ISSN : 2266-6060

Déplacés

Paris, mai 2010.

Dans la plupart des situations, scrutés avec attention ou, au contraire, complètement ignorés, les panneaux sont parmi nous. Ils nomment des lieux, rappellent à l’ordre, indiquent des directions, gèrent des flux… Après plusieurs années d’étude en scriptopologie, nous savons combien leur composition graphique est largement impliquée dans l’action qu’ils sont sensés accomplir. Les couleurs comme les inscriptions sont soigneusement choisies et standardisées. Mais dans bien des cas, nous savons aussi que ça ne suffit pas. Pour que les entités circulantes atteignent leur destination sans trop de détours ou que les véhicules s’arrêtent à un “stop”, l’emplacement des panneaux est primordial. Ceux-ci n’effectueront l’action escomptée que si ils sont placés à des endroits spécifiques. Enfin, nous savons qu’une inscription ne fait pas que divulguer des informations. Un panneau agit : il transforme le lieu où il se trouve. C’est en plantant un panneau à proximité d’un virage qu’il devient “dangereux”.

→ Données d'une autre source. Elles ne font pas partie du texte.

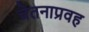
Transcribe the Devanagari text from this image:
चेतनाप्रवह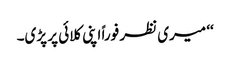
‘‘ میری نظر فوراً اپنی کلائی پر پڑی۔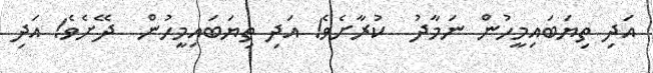
އަދި ތިޔަބައިމީހުން ނަމާދު  ކުރާށެވެ! އަދި ތިޔަބައިިމީހުން  ދޭށެވެ! އަދި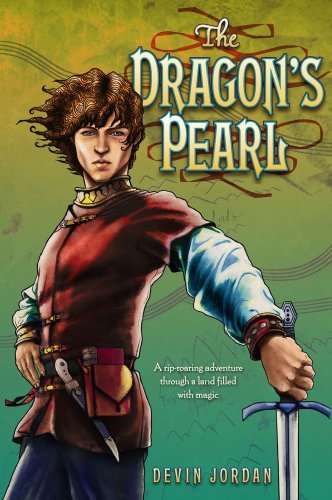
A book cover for The Dragon's Pearl; Devin Jordan; Teen & Young Adult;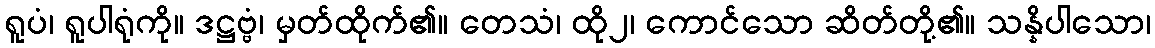
ရူပံ၊ ရူပါရုံကို။ ဒဋ္ဌဗ္ဗံ၊ မှတ်ထိုက်၏။ တေသံ၊ ထို၂၊ ကောင်သော ဆိတ်တို့၏။ သန္နိပါသော၊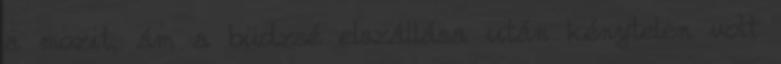
a mozit, ám a büdzsé elszállása után kénytelen volt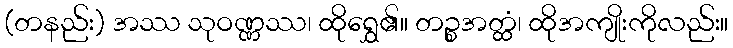
(တနည်း) အဿ သုဝဏ္ဏဿ၊ ထိုရွှေ၏။ တဉ္စအတ္ထံ၊ ထိုအကျိုးကိုလည်း။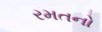
રમતનો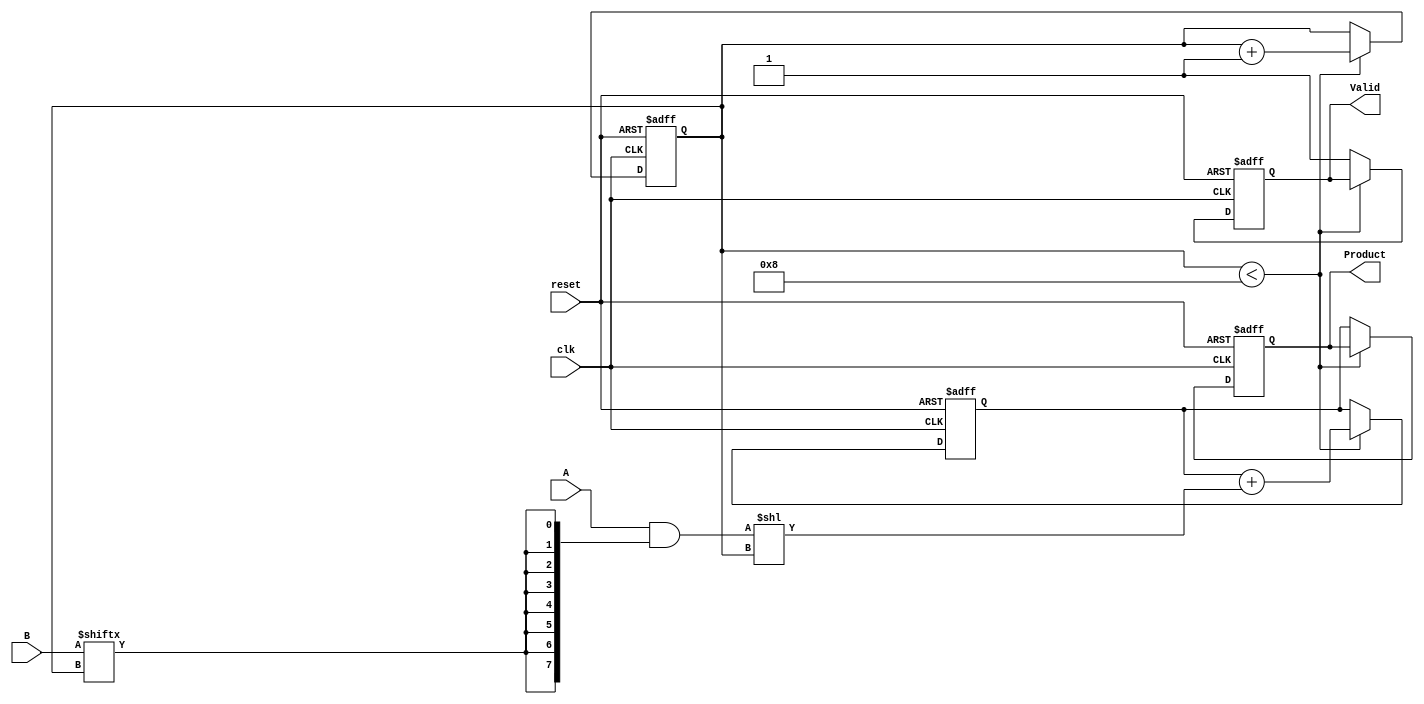
module PartialProductAccumulator (
    input [7:0] A,         // Multiplicand
    input [7:0] B,         // Multiplier
    input clk,             // Clock signal
    input reset,           // Active-high reset signal
    output reg [15:0] Product, // Final accumulated product output
    output reg Valid       // Signal indicating that the product is valid
);

    reg [7:0] partial_product; // Holds the current partial product
    reg [3:0] count;           // Counter for the number of bits processed
    reg [15:0] accumulator;    // Accumulator for the final product

    always @(posedge clk or posedge reset) begin
        if (reset) begin
            Product <= 16'b0;   // Clear the product
            Valid <= 1'b0;      // Invalid product initially
            accumulator <= 16'b0; // Clear the accumulator
            count <= 4'b0;      // Reset the count
        end else begin
            if (count < 8) begin
                // Generate the partial product
                partial_product = A & {8{B[count]}}; // AND A with the current bit of B
                // Accumulate the partial product
                accumulator <= accumulator + (partial_product << count);
                count <= count + 1; // Increment the count
            end else begin
                // All bits processed
                Product <= accumulator; // Final product
                Valid <= 1'b1;          // Product is valid
            end
        end
    end

endmodule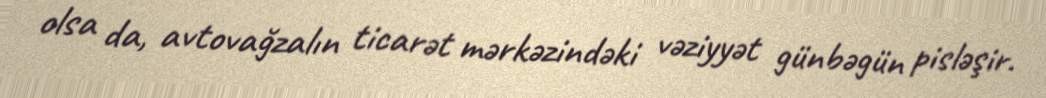
olsa da, avtovağzalın ticarət mərkəzindəki vəziyyət günbəgün pisləşir.

Que dire alors de ces panneaux présentés de dos ? Premier réflexe : c’est un stock. Ils sont là en attente d’être posés à divers endroits d’un site avec de nouvelles voies de circulation. Deuxième réflexe : ils constituent une réserve, toujours prêts à venir remplacer d’autres panneaux déjà en place qui s’usent ou sont régulièrement endommagés. L’ensemble ne prend donc sens qu’en relation avec d’autres panneaux et un autre lieu. Certes. Pourtant dans le cas présent, ils ne signalent pas seulement ce que désignent les inscriptions qu’ils portent. Déplacés dans une salle d’exposition, les panneaux sont posés là pour rappeler la polémique qui concerne la construction d’un barrage et le nom des lieux qu’il noie. Les panneaux sont donc eux-mêmes transformés : tournant le dos aux visiteurs, leur action est toujours d’indiquer quelque chose. Ils restent cependant muets pour nous transporter dans le souvenir et nous faire réagir face à l’oubli. Puis, photographiés par un scriptopolien, ils sont déplacés une nouvelle fois, intégrés au réseau des nombreux panneaux que nous examinons sur ce blog, servant ainsi de matière à réflexion sur les mondes de l’écrit.